• _What the task requires_
When you copy the listing, reproduce each line as it appears and omit every image.

== Segment start ==

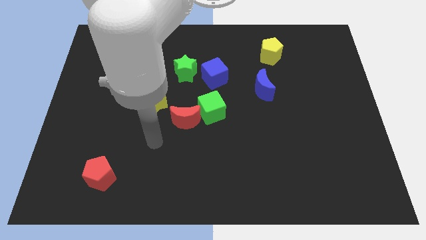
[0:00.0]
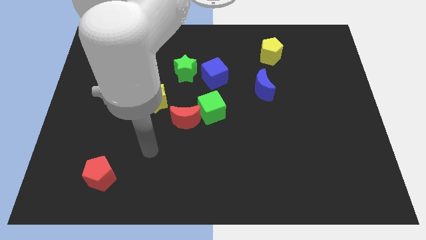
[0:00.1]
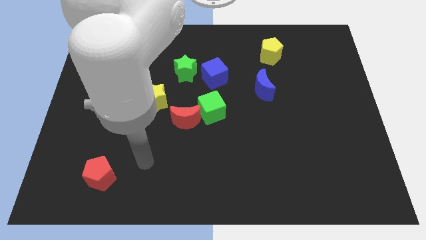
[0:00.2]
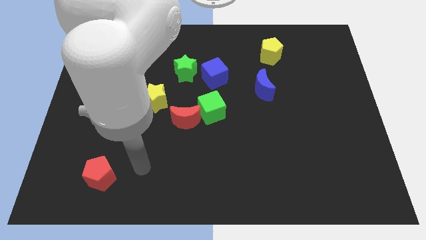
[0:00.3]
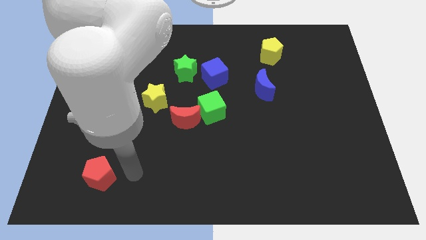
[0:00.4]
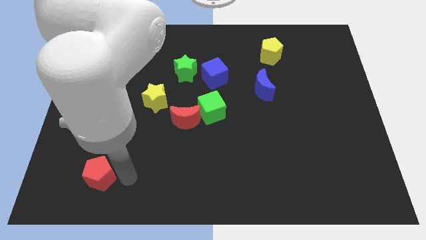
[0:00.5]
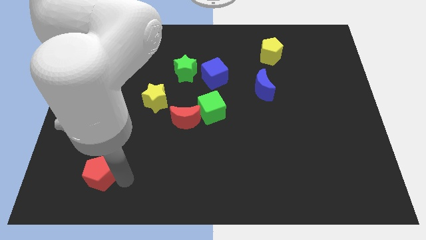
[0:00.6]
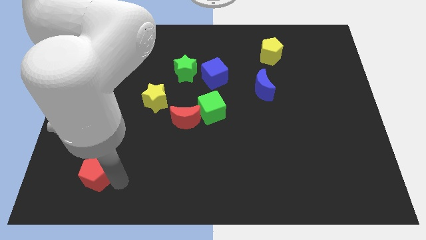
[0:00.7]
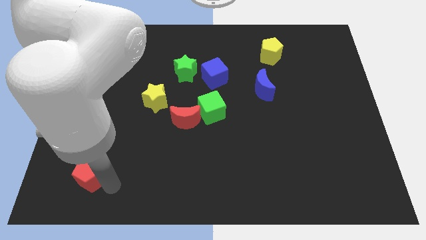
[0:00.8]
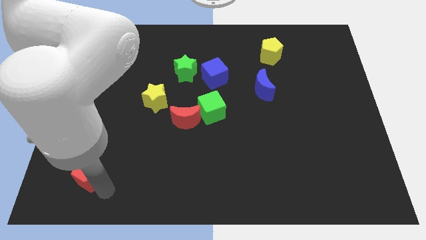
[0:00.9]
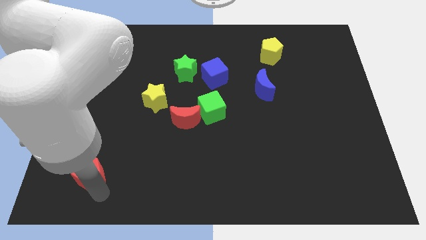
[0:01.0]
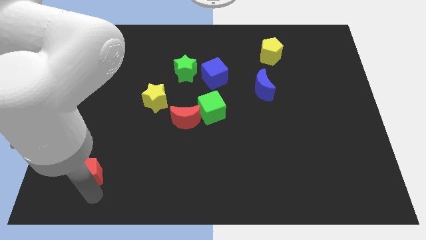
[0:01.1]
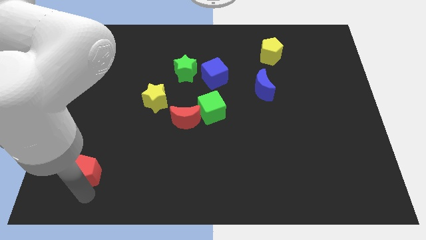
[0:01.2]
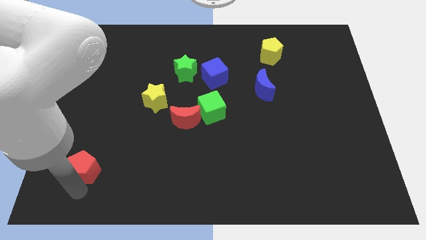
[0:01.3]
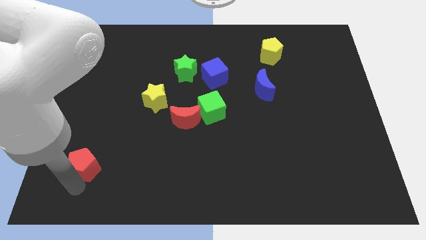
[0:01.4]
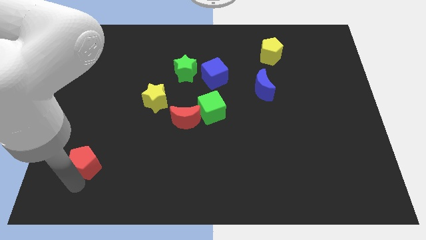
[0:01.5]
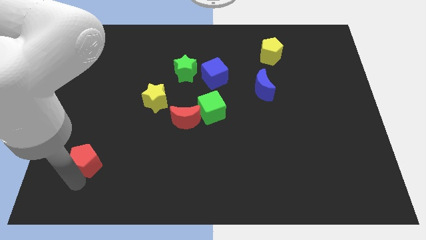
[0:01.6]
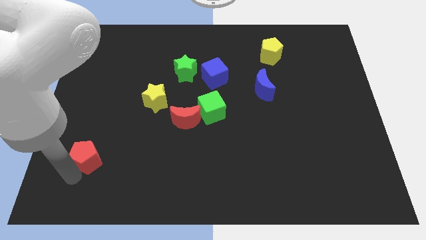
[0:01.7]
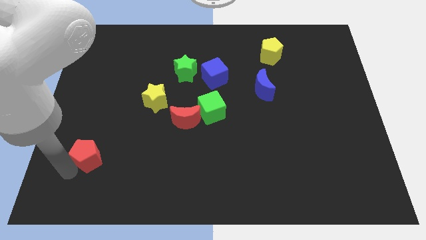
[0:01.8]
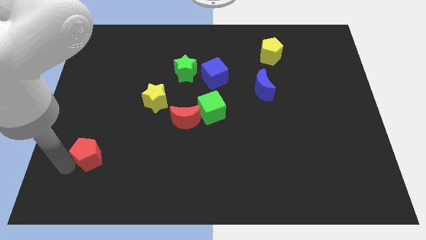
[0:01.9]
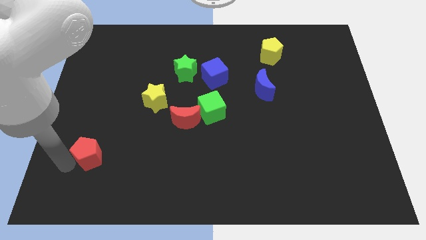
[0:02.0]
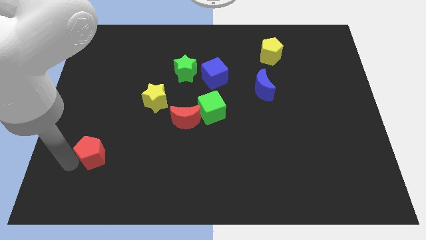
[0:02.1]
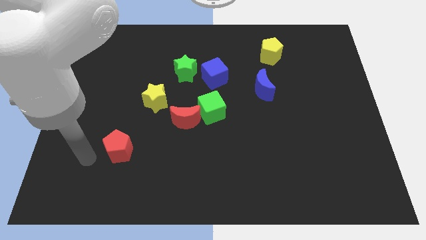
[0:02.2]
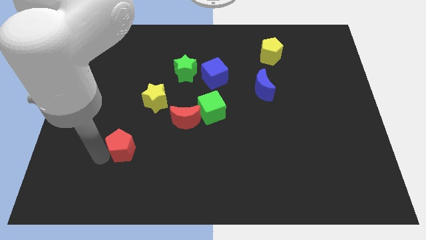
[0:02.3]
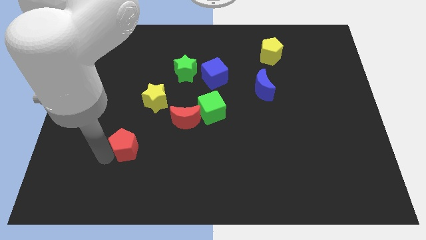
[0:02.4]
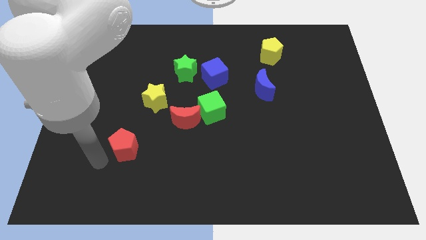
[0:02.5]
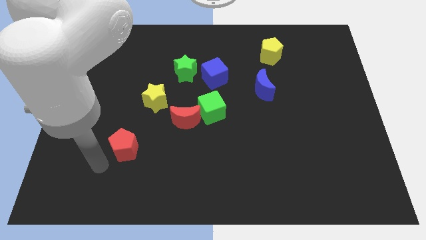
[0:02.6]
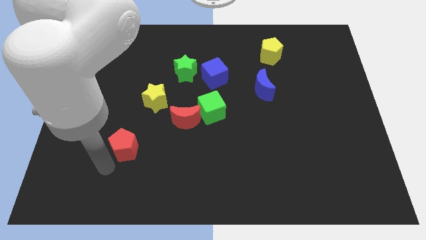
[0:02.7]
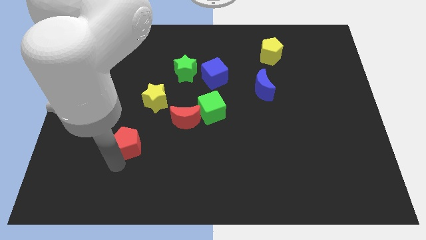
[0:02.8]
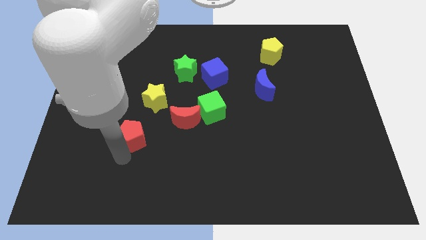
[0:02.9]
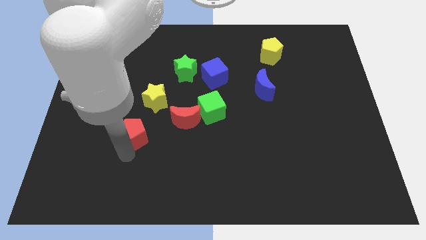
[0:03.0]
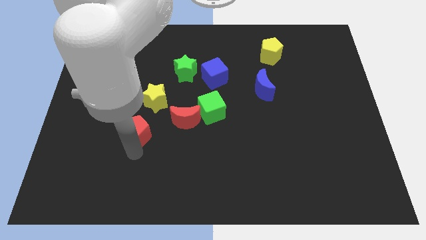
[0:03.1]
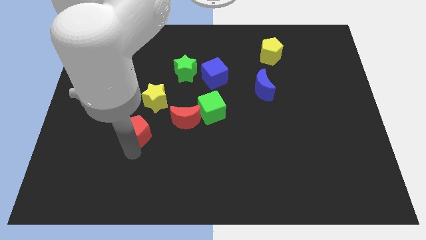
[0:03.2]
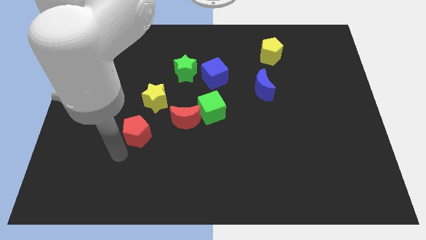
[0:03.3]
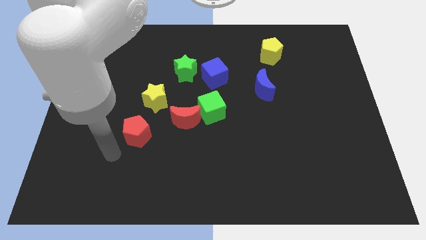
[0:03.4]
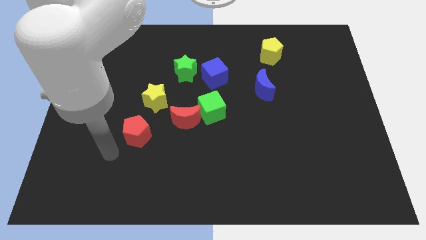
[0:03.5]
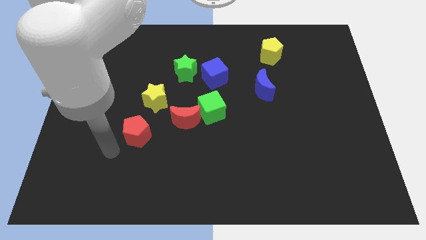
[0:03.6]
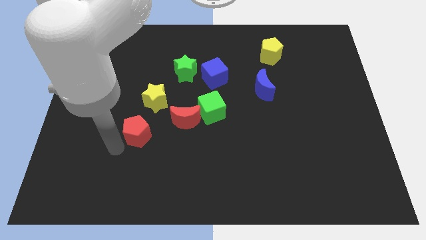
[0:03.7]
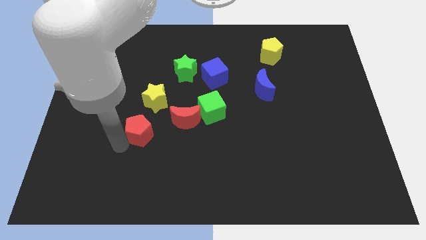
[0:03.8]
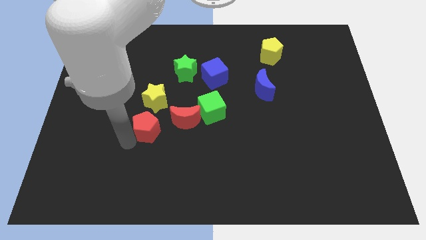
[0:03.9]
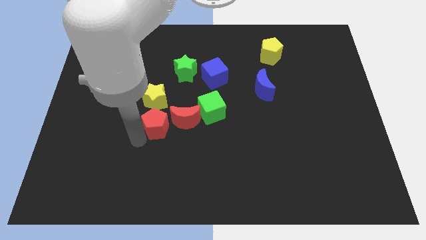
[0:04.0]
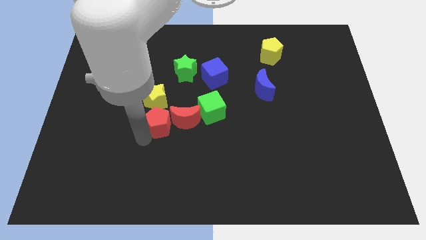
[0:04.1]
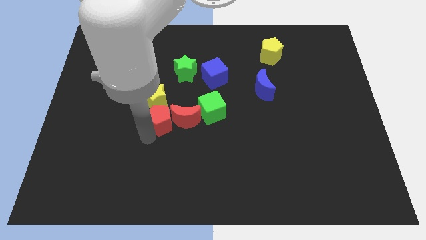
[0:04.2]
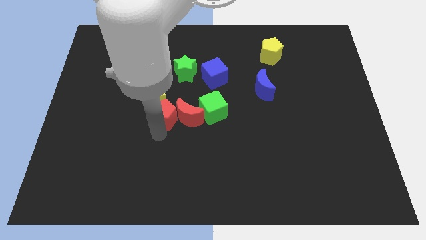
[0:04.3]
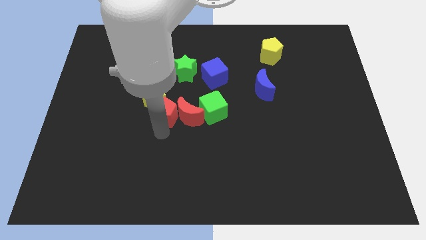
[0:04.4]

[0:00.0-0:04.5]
push the red pentagon to the left of the red crescent

== Segment end ==

• _Reply to the task_
[0:00.0]
[0:00.1]
[0:00.2]
[0:00.3]
[0:00.4]
[0:00.5]
[0:00.6]
[0:00.7]
[0:00.8]
[0:00.9]
[0:01.0]
[0:01.1]
[0:01.2]
[0:01.3]
[0:01.4]
[0:01.5]
[0:01.6]
[0:01.7]
[0:01.8]
[0:01.9]
[0:02.0]
[0:02.1]
[0:02.2]
[0:02.3]
[0:02.4]
[0:02.5]
[0:02.6]
[0:02.7]
[0:02.8]
[0:02.9]
[0:03.0]
[0:03.1]
[0:03.2]
[0:03.3]
[0:03.4]
[0:03.5]
[0:03.6]
[0:03.7]
[0:03.8]
[0:03.9]
[0:04.0]
[0:04.1]
[0:04.2]
[0:04.3]
[0:04.4]

[0:00.0-0:04.5]
push the red pentagon to the left of the red crescent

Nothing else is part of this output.